Selesquí Key
- Interactive map of Selesquí Key

Geography
- Location: Caribbean Sea
- Coordinates: 11°52′48″N 66°56′04″W﻿ / ﻿11.88000°N 66.93444°W
- Archipelago: Los Roques Archipelago
- Area: 4 ha (9.9 acres)
- Highest elevation: 0 m (0 ft)

Administration
- Venezuela
- Federal Dependencies

= Selesquí =

Selesquí Key (also written as Seleskî or in Spanish Cayo Selesquí) is a small, sandy island encompassing an official surface area of approximately four hectares. This remote key forms an integral geographic part of the stunning Los Roques Archipelago, an extensive marine ecosystem administered directly under the jurisdiction of the Federal Dependencies of Venezuela. Situated strategically within the southeastern region of the pristine Caribbean Sea, it constitutes one of the many keys making up the Lesser Antilles chain. Since the year 1972, the entire island territory has been strictly protected under the legal framework of the Los Roques Archipelago National Park. Within the environmental zoning regulations established by local conservation authorities, Selesquí is explicitly classified inside the designated "primitive zone," a protective status implemented to safeguard the pristine and highly vulnerable coral reef formations that completely surround the island's fragile shoreline.

== Geography ==
Geographically, Selesquí Key is situated at the outermost western periphery of the Los Roques Archipelago National Park (Antilles), making it one of the most isolated and peripheral insular components of this complex Venezuelan maritime territory. It lies directly to the north of other prominent regional formations, specifically Cayo de Agua and Bequevé, while remaining significantly further west than the neighboring islands of Carenero and Mosquitoqui. Because of its unique geographic position on the absolute outer boundary of the archipelago, the key is directly and relentlessly exposed to open oceanic currents coming from the Caribbean. This constant exposure to the elements heavily influences the natural configuration of its barrier reefs and dictates the intense wave patterns that continuously impact and reshape its sandy coastlines throughout the year.
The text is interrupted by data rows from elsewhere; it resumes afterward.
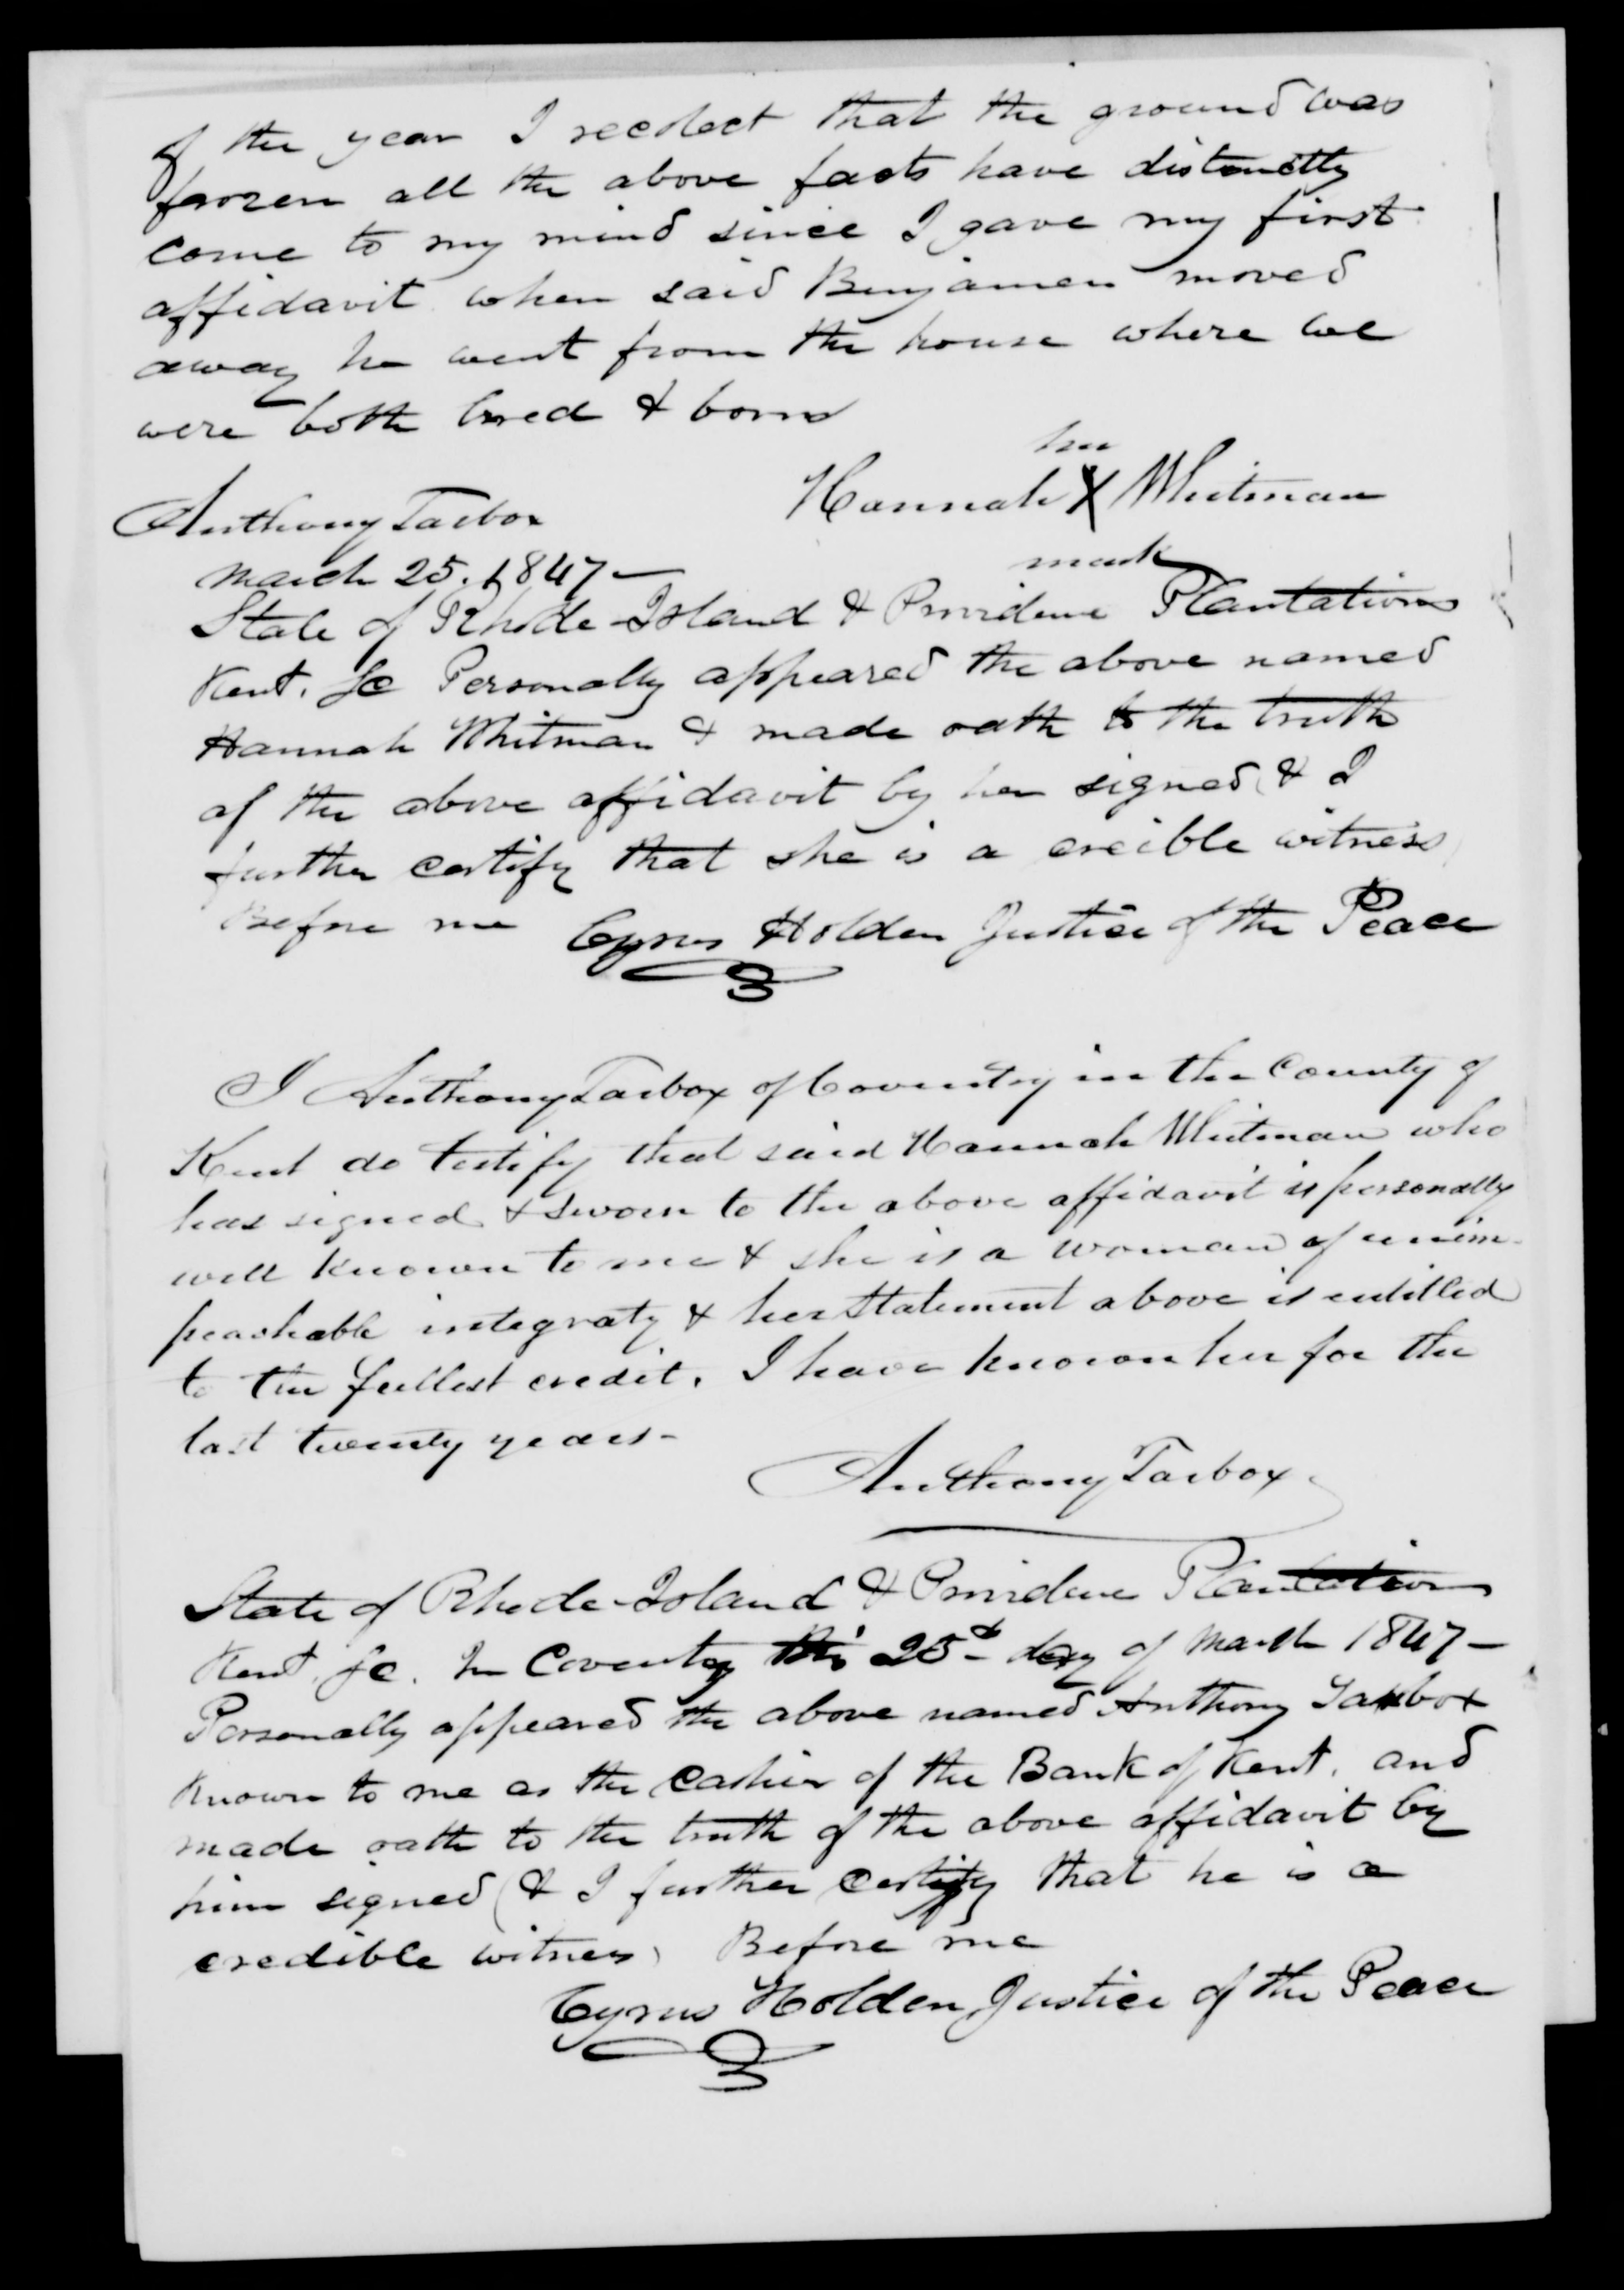Of the year I recollect that the ground was frozen all the above facts have distinctly come to my mind since I gave my first affidavit when said Benjamin moved away he went from the house where we were both bred & born
             Here
Hannah X Whitman

Authorization
March 25, 1847
State of Rhode Island & Providence Plantation  Kent.
I personally appeared the above named Hannah Whitman & made oath to the truth of the above affidavit by her signed & I further certify that she is a credible witness before me 
Cyrus Holden Justice of the Peace

I Anthony Tarbox of Coventry is in the County of Kent do testify that said Hannah Whitman who has signed & sworn to the above affidavit is personally known to me & she is a woman of impeachable integrity & her statement above is entitled to the fullest credit. I have known her for the last twenty years .
Anthony Tarbox

State of Rhode Island & Providence Plantations Kent of this County this 25th day of March 1847- Personally appeared the above named Anthony Tarbox known to me as the cashier of the Bank of Kent, and made oath to the truth of the above affidavit by him signed & I further certify that he is a credible witness before me

Cyrus Holden Justice of the Peace

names: Benjamin, Anthony Tarbox, Hannah Whitman, Cyrus Holden
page: 20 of 53
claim: widow's
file: W 17707, Benjamin Weaver, R.I.

In terms of its distinctive morphology and visible physical attributes, the key features an elongated, slightly ovoid shape that is oriented along a north-to-south axis. The entire terrestrial surface of the island is exceptionally flat, completely surrounded by a continuous perimeter of fine white sand beaches whose overall thickness and distribution fluctuate constantly depending on seasonal wind exposure. The interior landscape is predominantly characterized by a low, uniform cover of bright green halophytic vegetation that has successfully adapted to the harsh saline conditions. This low-lying shrubbery is interrupted only by a much denser, darker cluster of mangrove forests concentrated specifically within the north-central sector. This entire sandy landmass emerges gracefully from a shallow reef platform, where crystal-clear waters help to mitigate the powerful kinetic energy of the surrounding open sea.

== Ecology ==
Beyond its geographic features, Selesquí Key plays a vital ecological role within the national park, particularly serving as a crucial, highly protected nesting ground for various species of endangered sea turtles that migrate to these isolated beaches annually to lay their eggs. Furthermore, the island supports an exceptionally large and diverse seasonal population of maritime birds, which utilize the dense mangrove clusters and low-lying vegetation for breeding and shelter. Due to the historical abundance of a specific avian species, the island is widely known colloquially among local fishermen and regional residents as Cayo Bobo Negro (Black Booby Key). The combination of restricted human access under the national park's primitive zone guidelines and its isolated location ensures that these wildlife populations remain largely undisturbed by regional tourism.